1/14/2013 11:50:23 AM

1. Configuring an Update Testing Infrastructure

Although Microsoft tests updates rigorously before releasing them publicly, no one can test every possible software and hardware configuration for adverse side effects that might result when an update is applied. For this reason, you should deploy updates to a small group of computers prior to deploying updates to all computers in your organization and test those computers to determine whether a newly released update conflicts with your organization’s specific software configuration.

You should ensure that the small group of computers on which you test updates match the software and hardware configuration of computers in your organization and that the computers used for testing are actually used by real people to perform their everyday job-related tasks. You need to do this because you will not be able to detect all possible problems by simply installing the update on a computer that no one actually uses. Only through testing the updates under real-world conditions do any conflicts or other problems become evident.

You should ensure that you deploy updates to the test computers long enough that you have confidence that the updates do not cause problems when deployed generally. You must balance this with not waiting so long that the computers in your organization become vulnerable to the issue that the update addresses. In many organizations, updates are deployed to test computers between 7 to 10 days before being deployed to all other computers in the organization. This period provides enough time to test that the updates do not cause obvious problems with the existing configuration before rolling the updates out more generally.

A basic update testing infrastructure would have a separate computer group containing the WSUS computer accounts for all test computers. A WSUS automatic approval rule for all new updates would apply to this WSUS computer group. The WSUS administrator would manually approve updates for the All Computers group after a seven-day period in which no issues had been reported by users of computers that are located in the test group.
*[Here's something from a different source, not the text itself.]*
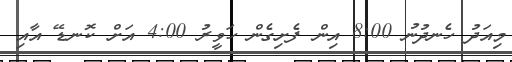
މިއަދު ހެނދުނު 8:00 އިން ފެށިގެން ހަވީރު 4:00 އަށް ކޮނޑޭ އާއި

2. Verifying Update Deployment

The final component in a successful update strategy is ensuring that updates deploy correctly to client computers. There are many reasons why updates might not deploy correctly to client computers, including but not limited to the computer being switched off for a lengthy period of time, synchronization problems, and lack of disk space on the client.

One of the simplest ways that you can verify the updates that are installed on local and remote computers running Windows 7 and which are members of the same domain is to manually use the Get-Hotfix Windows PowerShell command. You can use the –Computername option to specify the address of the remote computers that you want to check.

For example, the command

Get-HotFix -Computername wkstn1,wkstn2,wkstn3,wkstn4

provides a report on all of the updates installed on computers wkstn1, wkstn2, wkstn3, and wkstn4. Although this is a quick way to verify which updates are installed on a small number of computers, it is not an effective technique for determining the status of missing updates across a large number of computers. This is because the output will tell you only which updates are present on the target computers and will not tell you which updates are missing from the target computers.

WSUS Reports

One way you can determine which updates are missing from client computers in your organization is to use WSUS reports. WSUS servers generate reports based on information forwarded to the WSUS server from the server’s WSUS clients. When a WSUS client retrieves and successfully installs an update, it reports this success back to the WSUS server.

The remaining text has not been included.